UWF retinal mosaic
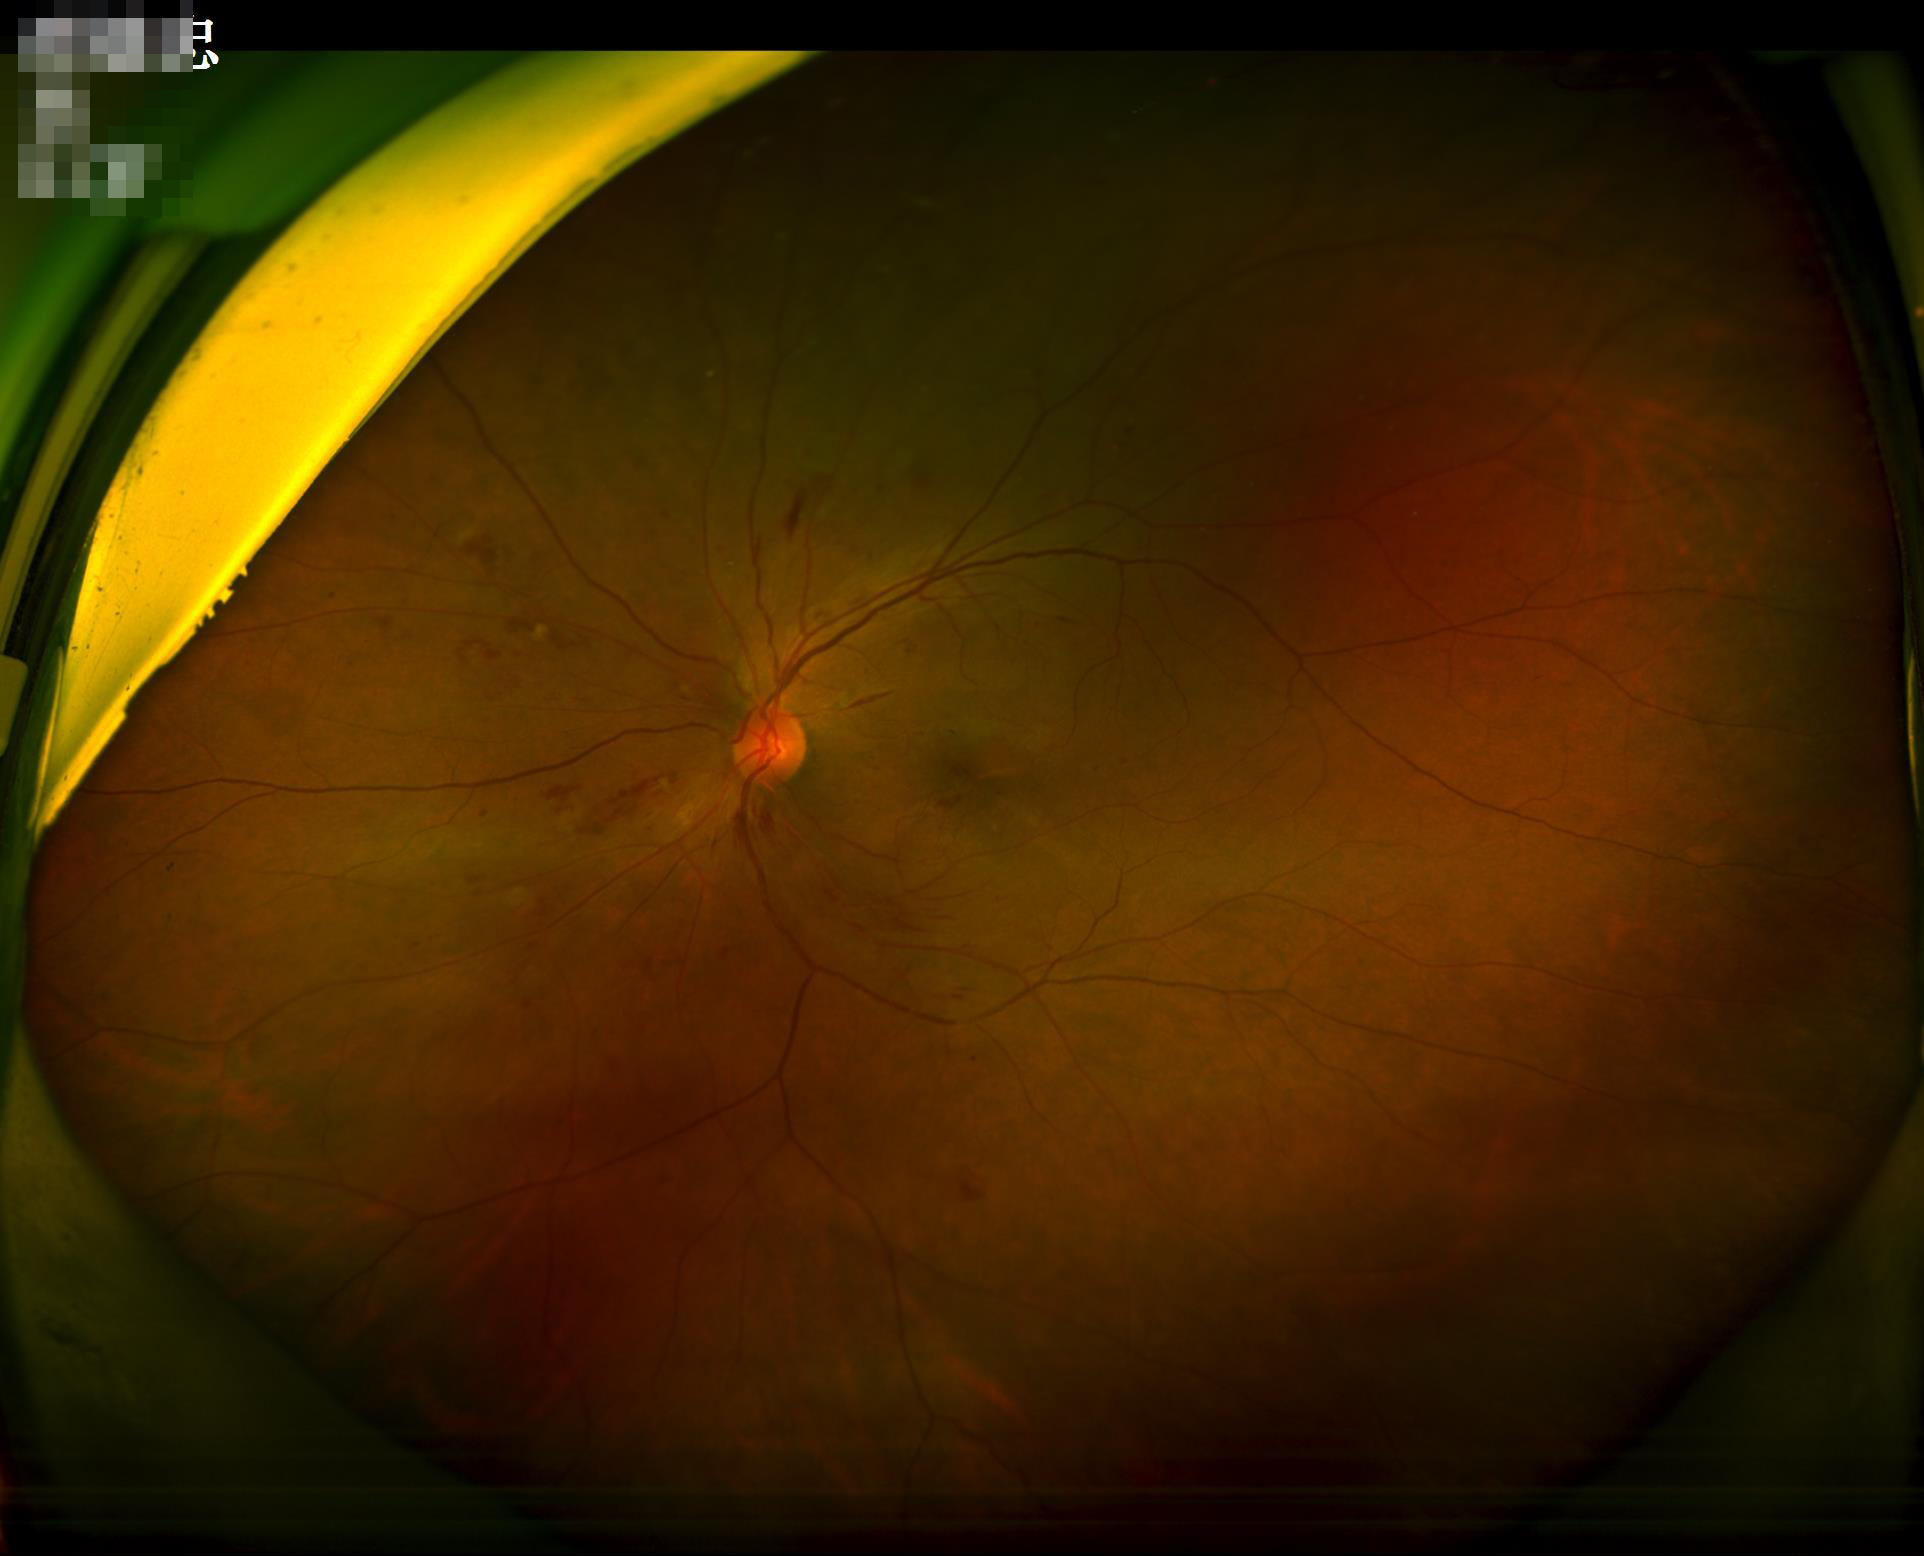

Quality grading: sharpness: clear with no noticeable blur | illumination/color: inadequate, with uneven exposure or color distortion | overall: good, gradable.
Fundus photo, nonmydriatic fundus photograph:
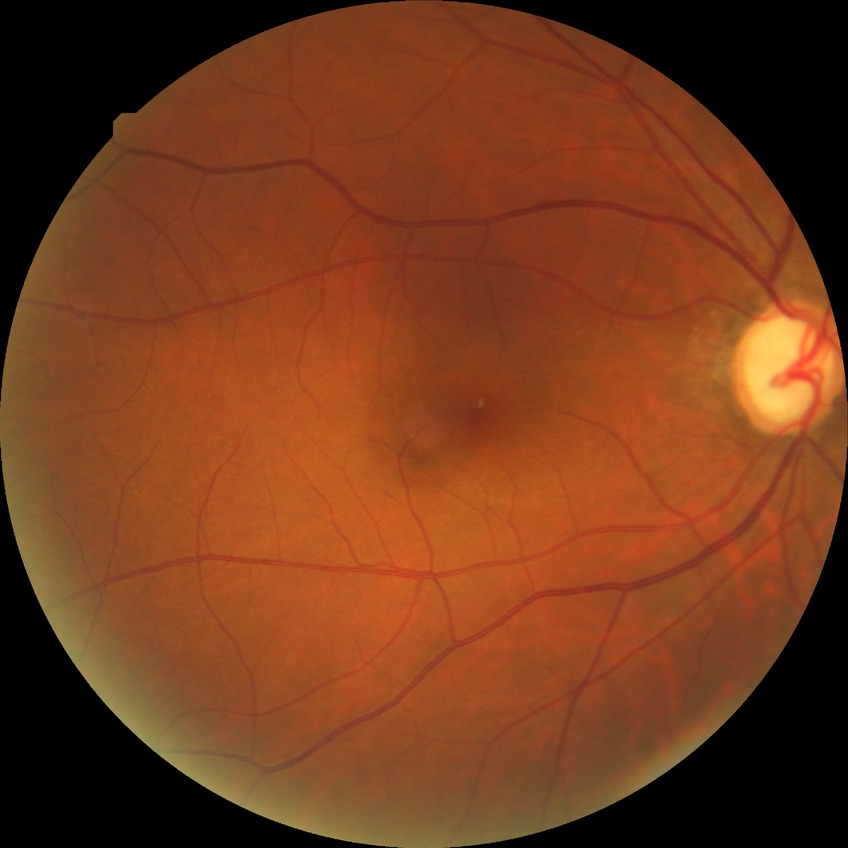

diabetic retinopathy (DR): NDR (no diabetic retinopathy).
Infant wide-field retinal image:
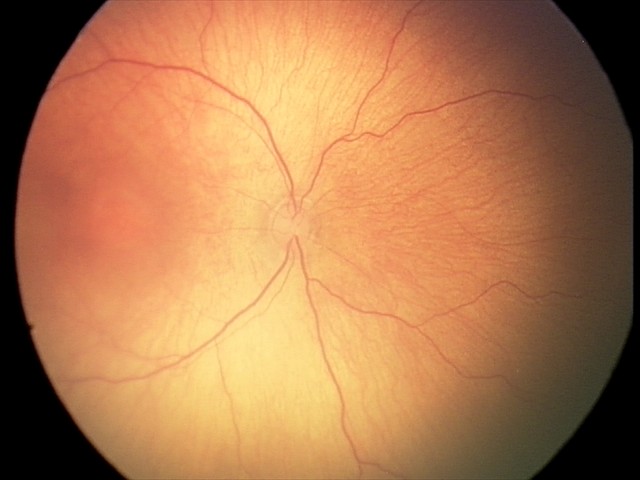

Diagnosis from this screening exam: ROP stage 2 — ridge with height and width at the demarcation line.
Without plus disease.
────────────────
▶ _What is required_
State how many lines of the material above contain the word "retinal". Say nothing else.

▶ _Finished exercise_
2